In 2017 the global market for sticky notes was 2,190 million US$. One small sticky notes block weights 40 g and costs EUR 2.69, about $3. This means in 2017 there was 29,000 metric tons of sticky notes produced (maybe less, because of discount if you buy bigger packs). A pine tree, which is used for making paper, can weight 3 tons. Without leafs, branches and bark, maybe half of it can be used for making paper. This means about 20,000 trees per year are used just for making sticky notes, which covers about 10 football fields. And this is just for the paper itself. Then you need energy to make it, the glue, the yellow paint etc. This product helps to reduce this.

The concept is easy:

- start an app on your mobile phone
- enter a text or draw an image
- press the button on the eLabel to transfer the text or image

The eLabel uses Bluetooth Low Energy, which means it needs no complicated pairing with the phone, and it doesn't need much power, so it can be powered from solar cells.

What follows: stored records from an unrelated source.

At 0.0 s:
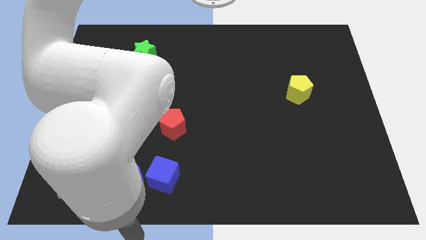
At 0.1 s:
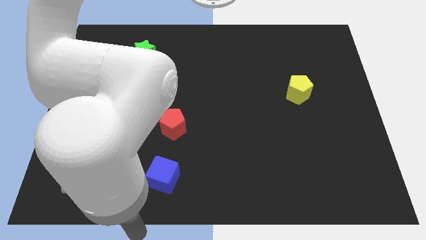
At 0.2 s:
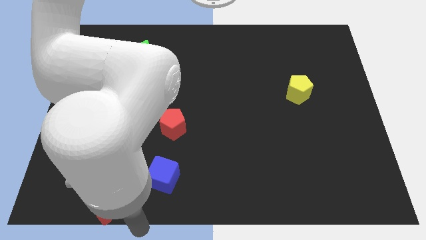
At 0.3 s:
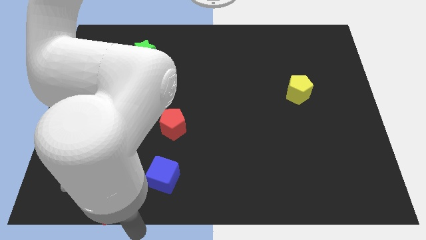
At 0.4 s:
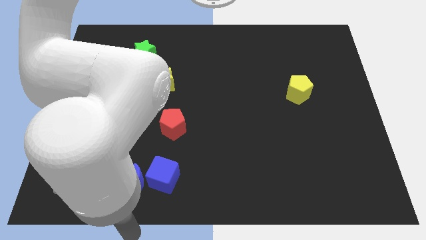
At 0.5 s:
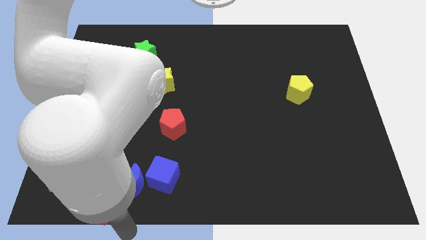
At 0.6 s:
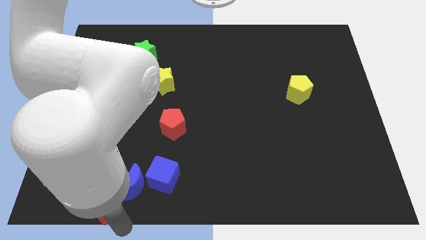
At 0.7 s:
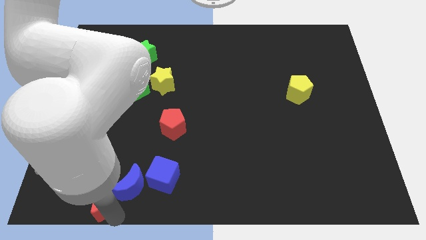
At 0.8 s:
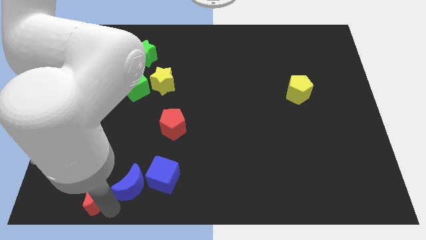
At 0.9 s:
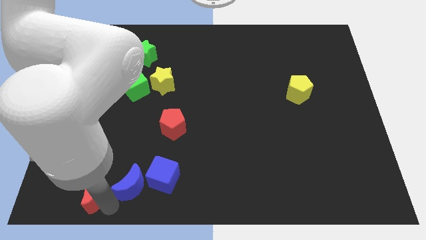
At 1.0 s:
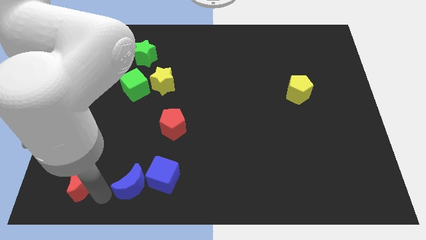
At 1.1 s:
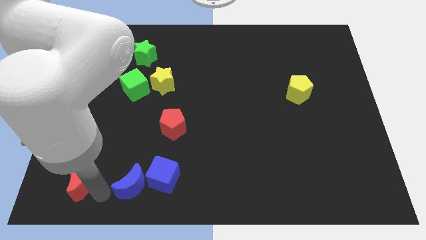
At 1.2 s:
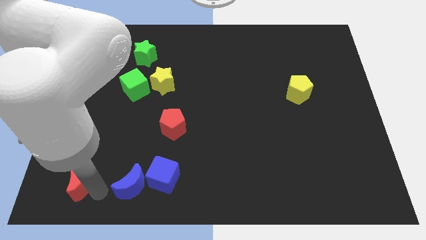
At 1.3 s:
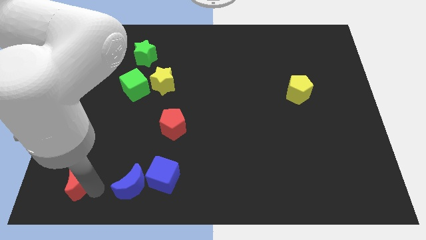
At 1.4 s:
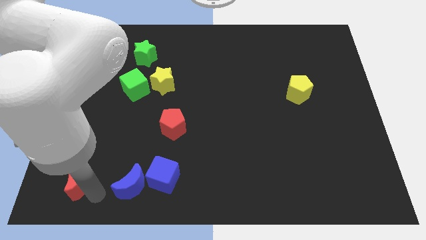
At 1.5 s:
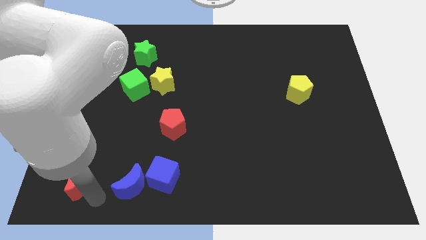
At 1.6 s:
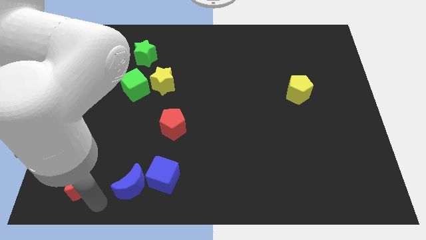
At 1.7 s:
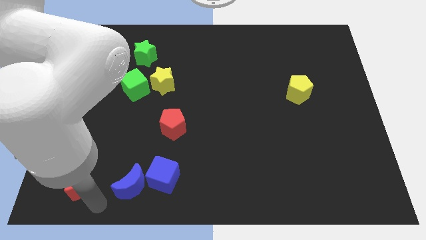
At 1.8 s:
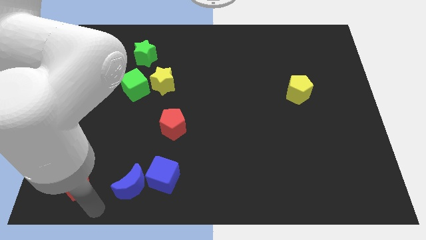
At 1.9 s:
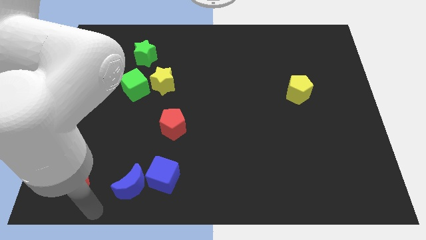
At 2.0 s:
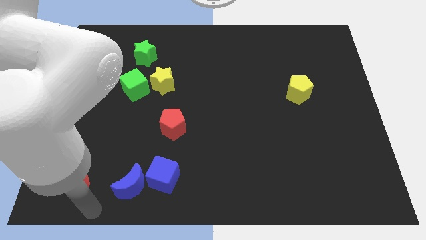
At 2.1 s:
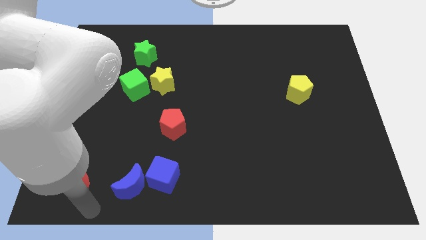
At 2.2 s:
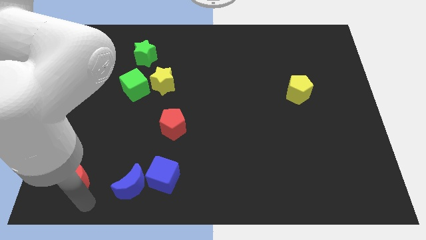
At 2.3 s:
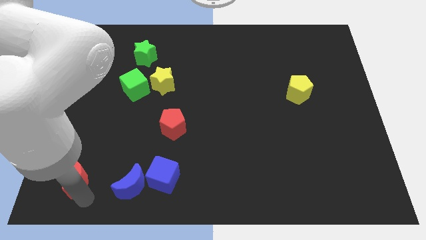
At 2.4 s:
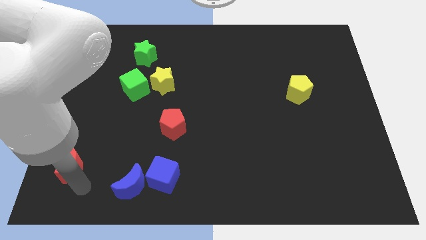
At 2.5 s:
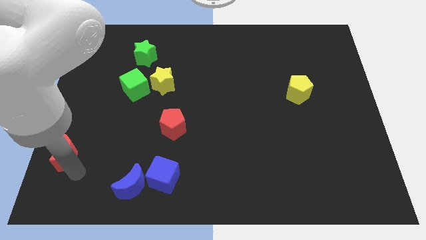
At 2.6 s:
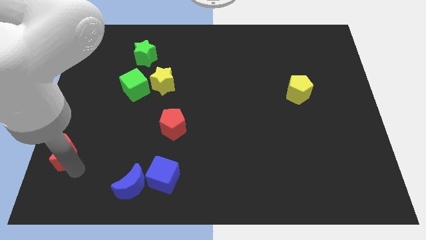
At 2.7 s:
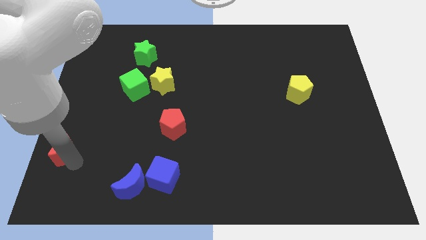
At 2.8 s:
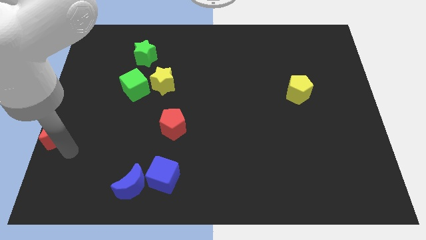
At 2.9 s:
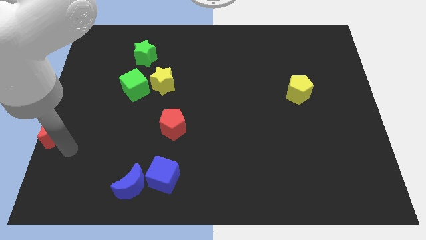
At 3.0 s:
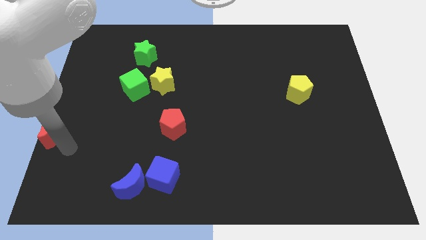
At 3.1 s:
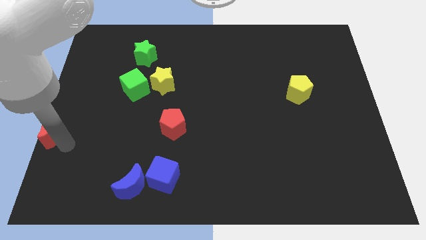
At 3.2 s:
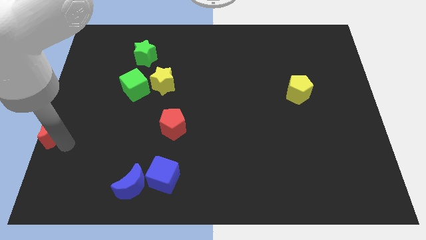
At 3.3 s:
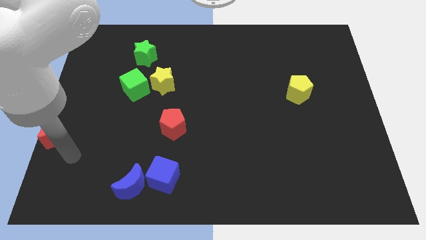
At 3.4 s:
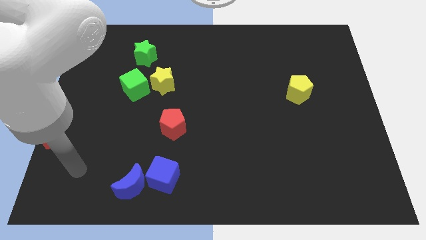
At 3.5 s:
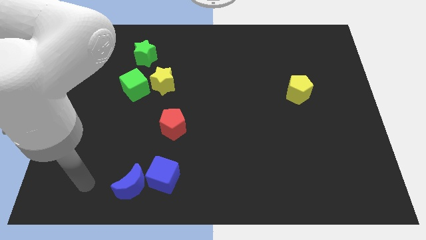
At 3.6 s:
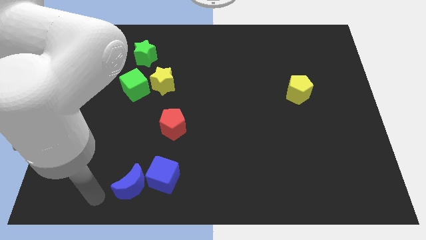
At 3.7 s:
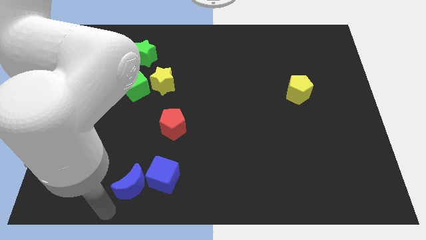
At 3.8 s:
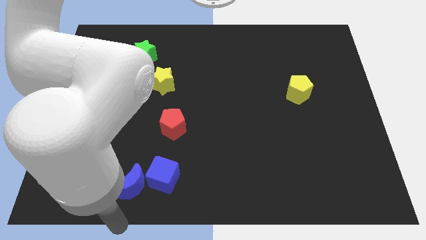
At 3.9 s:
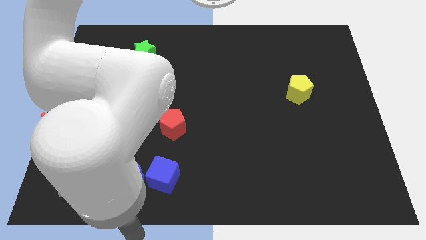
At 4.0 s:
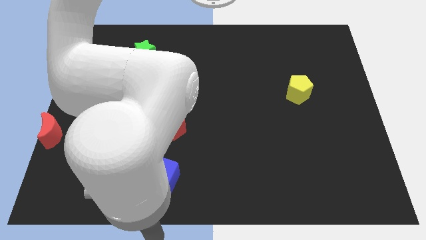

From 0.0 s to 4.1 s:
push the red moon to the left center of the board

Some of the ideas of this project are based on my WiFi ePaper project. But WiFi needs too much power for solar cells, and with an additional server etc. it is too complicated for a consumer product. This eLabel product is much simpler to use and has many applications:

- replaces sticky notes
- label for conference room schedule
- public notes on a bulletin board
- price labels

It uses solar cells to power it, ePaper to display the content, which doesn't need power, and one button to update the display with a smart phone. Additionally the access can be restricted with a password, so that it can be used for price labels and other information that not everyone are allowed to change. Inside the device is a button to reset the password.

  • New parts

    Frank Buss05/28/2019 at 07:22 4 comments

    For a product later, the device shouldn't cost too much. So I searched for new ePapers, because the nice 4.2" Pervasive Display ePaper costs EUR 51. And I found the GDEW027C44 2.7" ePaper, also black/red/white, for about EUR 8. Still sufficient space for short messages, images or the coffee timer application.

    And for the solar cell I found this panel for EUR 2.89:

    Maybe not as efficient as the expensive ones you can get from Digikey, but the bigger size of 60x90mm should more than compensate it. It says 6 V / 0.6 W, but I guess only in bright sunlight at the equator, I will test it.

    It has 2 solder contacts on the back:

    There are many similar solar cell modules on eBay. If one module gets out of stock, I can just use one of the other modules. I think I can glue it to the case and use 2 holes to connect the cables, and it won't look too bad, because of the beveled edges.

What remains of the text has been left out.